Theodora Varnay Jones: Fugue
Don Soker Contemporary Art Gallery
2180 Bryant Street Ste.205, San Francisco, CA 94110
May 7 – June 18, 2016
San Francisco’s art galleries, artists, and art stores are disappearing because of unaffordable rents–we all know this. The city’s beauty, its über-development business climate, and the tech industry explosion have caused an economic earthquake that has fundamentally changed the face of San Francisco. The delicate ecology of the arts and small businesses in San Francisco is being destroyed, and it may not return even if the pro-business Mayor is voted out or the tech bubble bursts. Working artists, small gallery owners, and businesses have been served notice: to get out of the way. Having an art studio, gallery, or even a bookstore has become an act of resistance or even civil disobedience. At the same time, the largest contemporary art museum on the west coast, SFMOMA, reopened on 3rd Street and mega-gallery Gagosian will open a branch across the street. Many small galleries closed; some fled the well-known gallery complex at 49 Geary Street for Portrero Hill, or to Oakland; some moved to the new Minnesota Street complex, a kind of temporary art life boat created by venture capitalists and art collectors, Andy and Deborah Rappaport. The San Francisco Arts Commission conducted an artist displacement survey last year to try to track the loss of artists from the City, and their survey confirmed that 70 percent of those artists interviewed have left the City or are or have been displaced. The anti-eviction mapping project features personal narratives of longtime residents being forced to leave. It is currently part of a larger current exhibition at Yerba Buena Center, Take This Hammer, which addresses the arts and social activism. Those that stay cite the generosity of their landlords, foundations, City programs, family wealth, or just plain luck.
Don Soker, a gallerist for over 40 years, has had to move three times, from 49 Geary to a raw commercial space at 100 Montgomery Street and then to his loft in the Mission district he shares with his partner, the artist Theodora Varnay Jones. Varnay Jones redesigned the space to accommodate her studio and the gallery, and together they have created one of the most intimate and beautiful art spaces in San Francisco. It is called Don Soker Contemporary Art Gallery, and it is where I saw Varnay Jones’ new show, Fugue.

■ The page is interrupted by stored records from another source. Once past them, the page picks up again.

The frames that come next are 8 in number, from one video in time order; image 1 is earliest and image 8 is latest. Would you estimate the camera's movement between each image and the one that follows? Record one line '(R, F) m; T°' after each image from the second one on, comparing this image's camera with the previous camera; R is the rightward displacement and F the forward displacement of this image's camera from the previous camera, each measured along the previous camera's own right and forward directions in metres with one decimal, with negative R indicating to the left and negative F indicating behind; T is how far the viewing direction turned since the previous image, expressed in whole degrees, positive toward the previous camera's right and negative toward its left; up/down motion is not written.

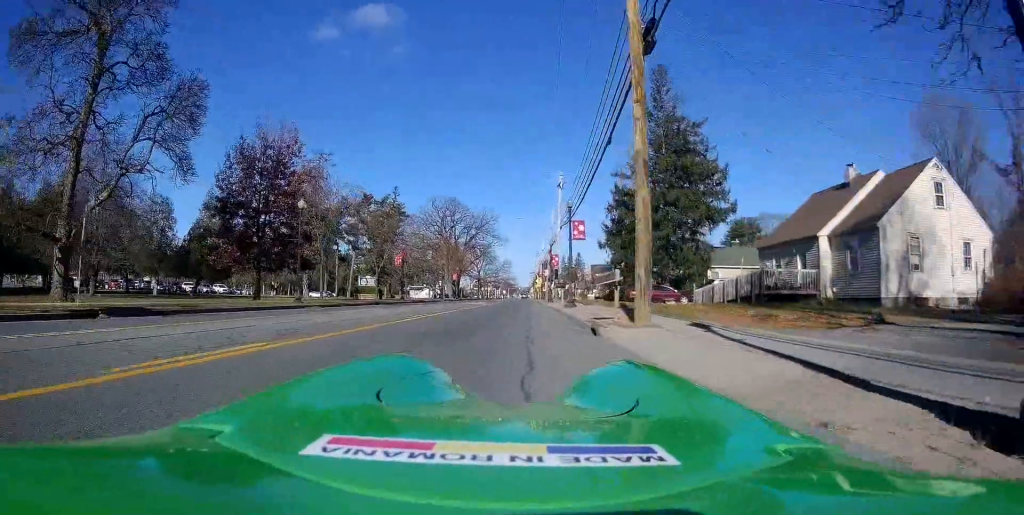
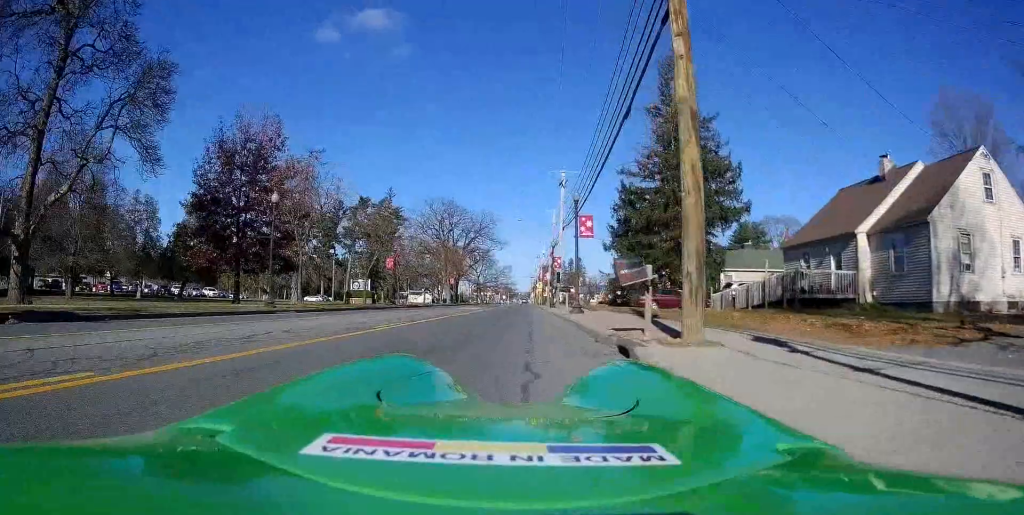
(0.0, +3.7) m; 0°
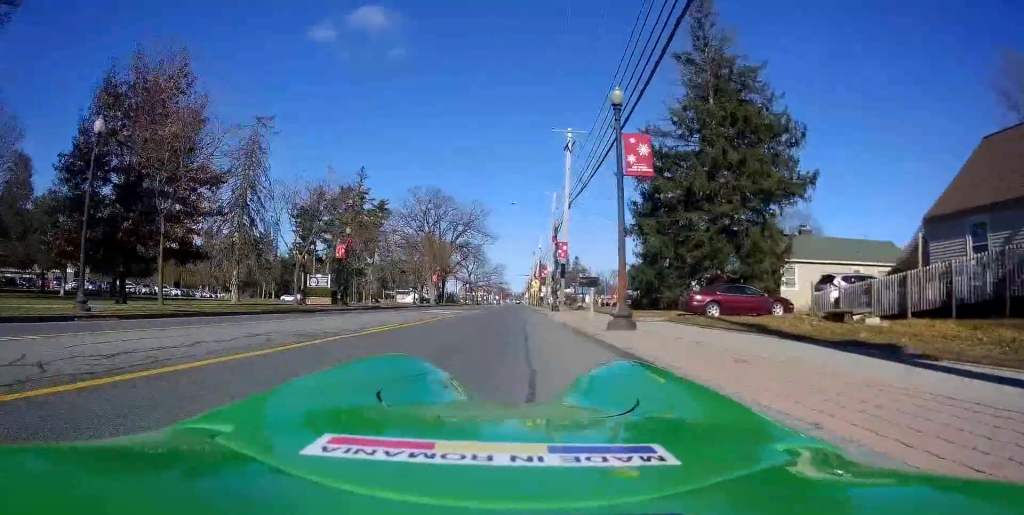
(0.0, +12.9) m; -3°
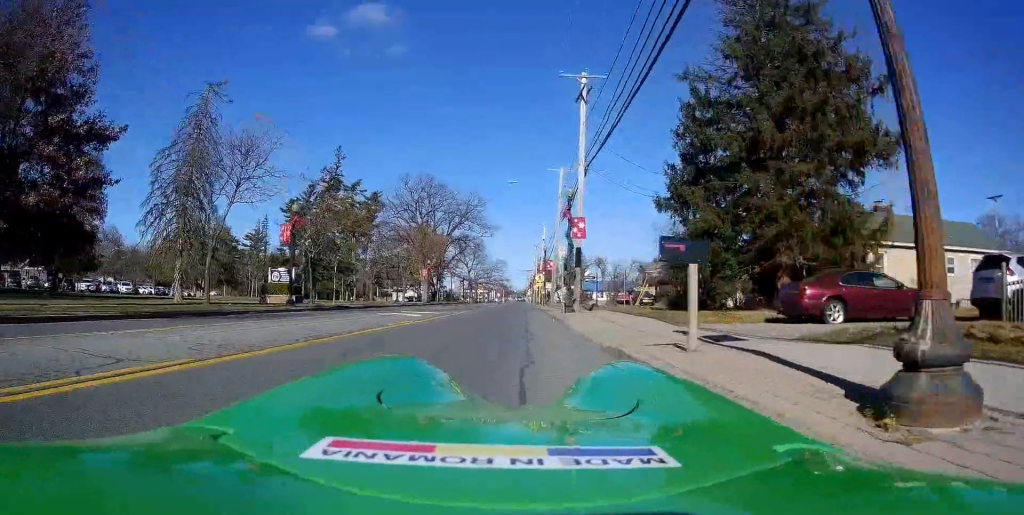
(-0.5, +10.2) m; -2°
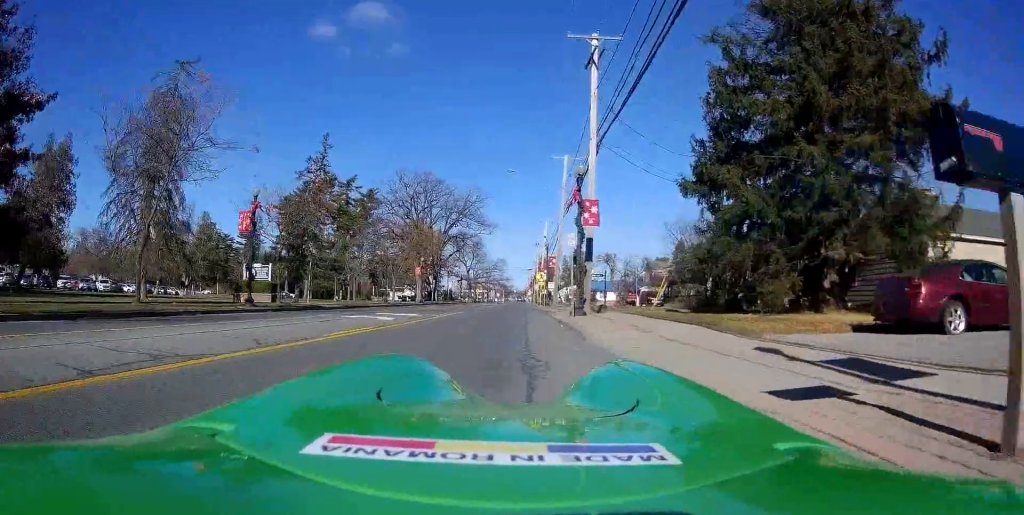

All the works in the show are in grey scale: black, white, silver, and grey. Varnay Jones was born in post-war Hungary and came to the U.S. in the 1970s. I like her Beckett and Camus meet wabi-sabi sensibility. I like how concrete, how physical, her work is: wadded daily newspapers, a tree stump rubbed with graphite. On one wall are numbered frottage pieces, begun at the Lucid Art Foundation Residency in northern California last year, that were made by rubbing graphite onto sheets of thin Japanese paper or thin-to-transparent industrial materials like mylar and velum and thus picking up the imprint of tree stumps, large stones, and unidentifiable found objects. To create this series of veiled drawings, Varnay Jones layered the sheets of rubbed images, thus creating skins of time and memory. The newspaper pieces come from Metamorphosis, a series from a 2010 residency at San Jose’s ICA Print Center; they show the same crumpled newspaper a la Wallace Stevens’s Thirteen Ways of Looking at a Blackbird. Two small pieces titled Nano are from another series Varnay Jones created from discarded silicon wafers she found after touring Stanford’s Nanotechnology Lab in 2014.

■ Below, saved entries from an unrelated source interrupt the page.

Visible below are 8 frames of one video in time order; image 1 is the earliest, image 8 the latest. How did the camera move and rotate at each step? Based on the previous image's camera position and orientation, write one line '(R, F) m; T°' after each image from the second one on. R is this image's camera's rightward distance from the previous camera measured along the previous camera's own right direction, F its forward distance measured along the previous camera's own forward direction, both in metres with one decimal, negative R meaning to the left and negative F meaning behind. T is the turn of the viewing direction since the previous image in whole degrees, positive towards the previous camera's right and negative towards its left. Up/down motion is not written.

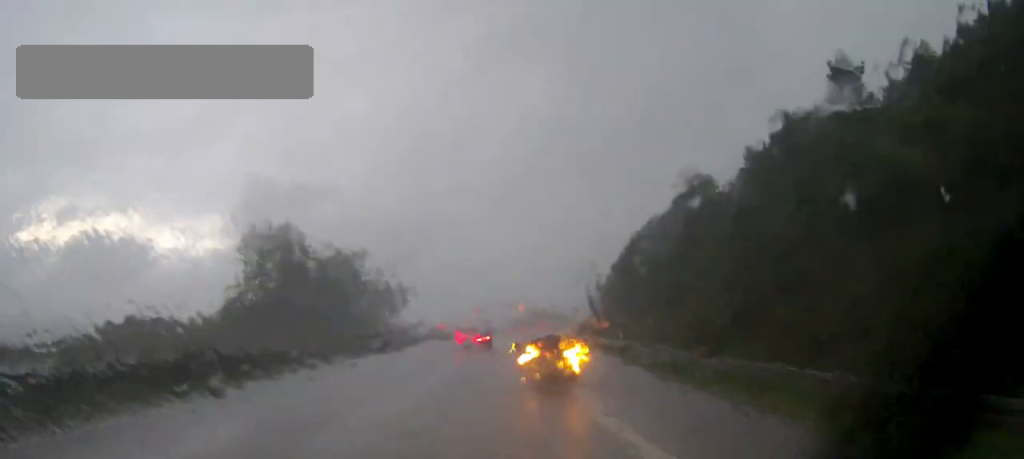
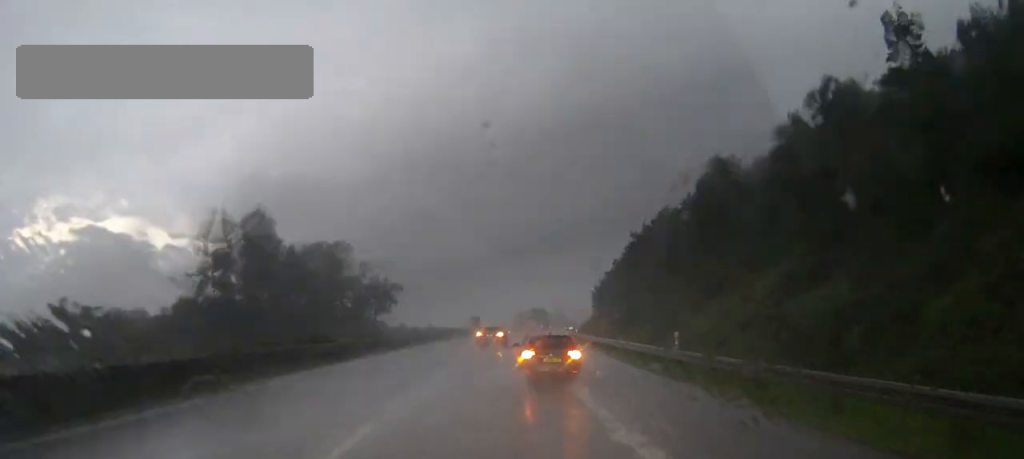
(+0.1, +12.1) m; +1°
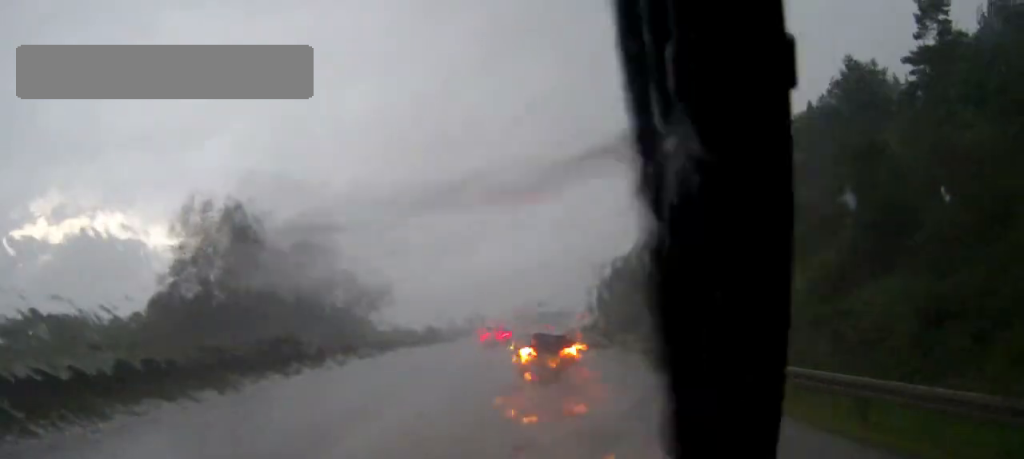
(0.0, +5.3) m; 0°
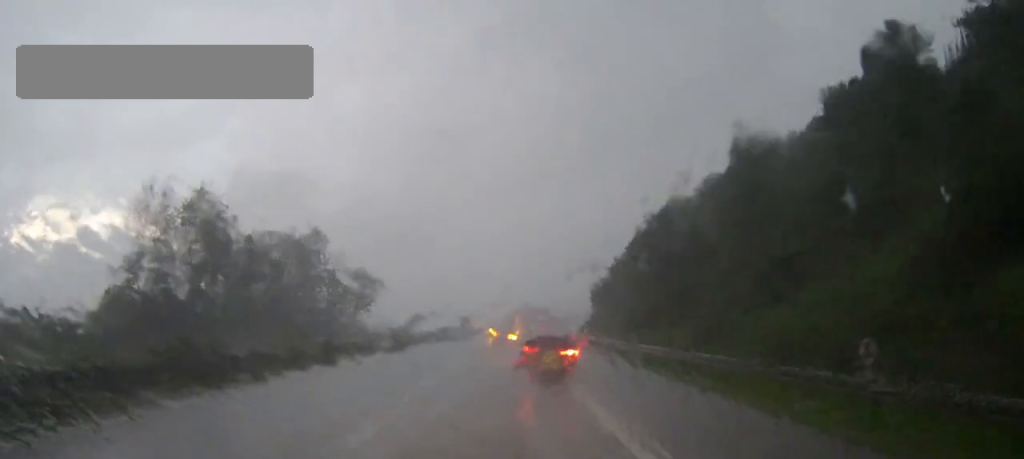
(0.0, +8.5) m; 0°
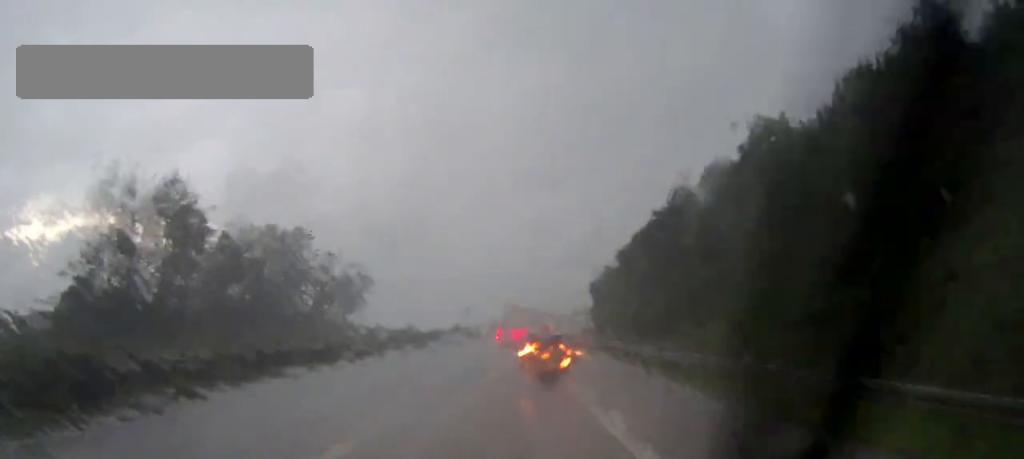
(0.0, +6.5) m; 0°
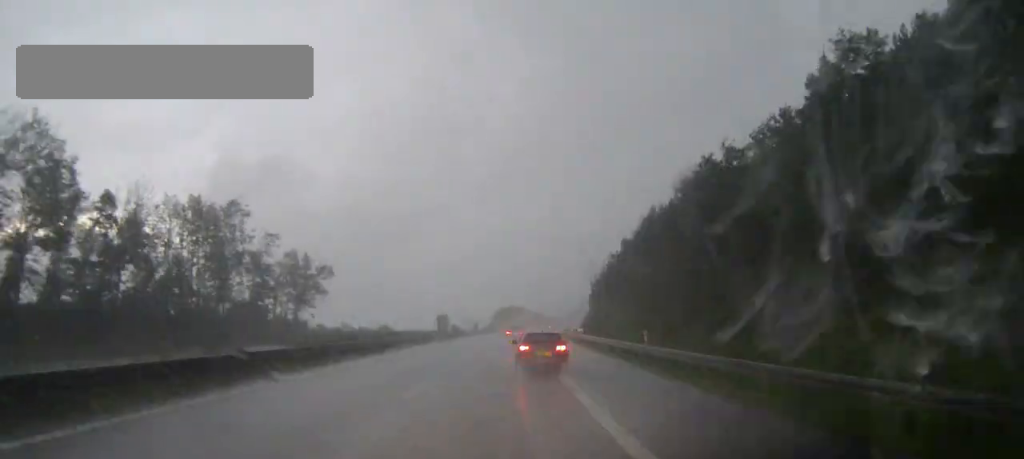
(+0.2, +22.8) m; +1°
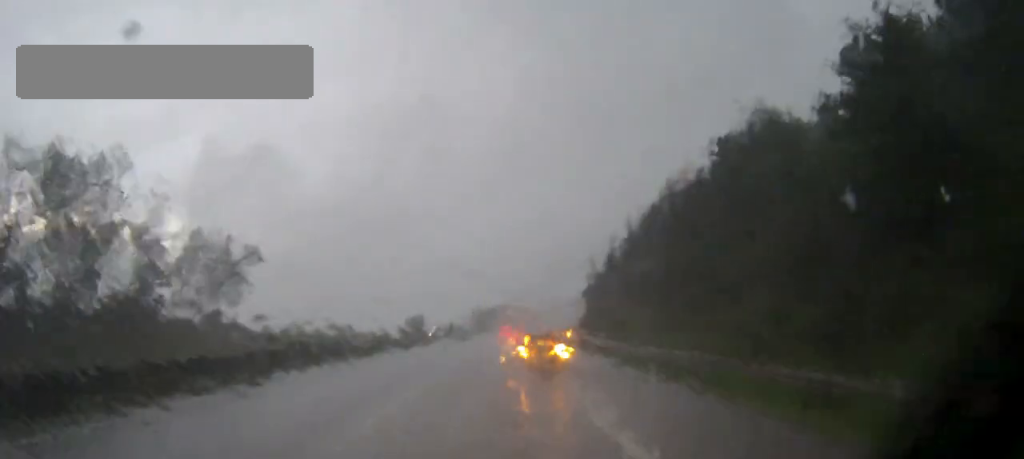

The show’s title, Fugue, seems to refer to both the musical form and a dissociative state of mind. A musical fugue, seemingly unbeknownst to itself and despite its strict rules of composition, may unfold as if it is a fugue state: wandering, adopting new identities and then promptly forgetting who it is, a state not unlike San Francisco artists facing market forces. We find this presented in the large installation, Narcissus.
Occupying floor and ceiling, the piece’s mirrored surfaces, which appear to be opened like a succession of books, face each other, and thus the piece reflects itself, and the room, and the viewer: when you step up and look at yourself, it’s as if the piece says, “Here you are, back again: endlessly looking . . . “ You meet your own gaze, in this seductive and dangerous pool of past, present, and future. In the frenzy of contemporary San Francisco, even Narcissus is an endangered species.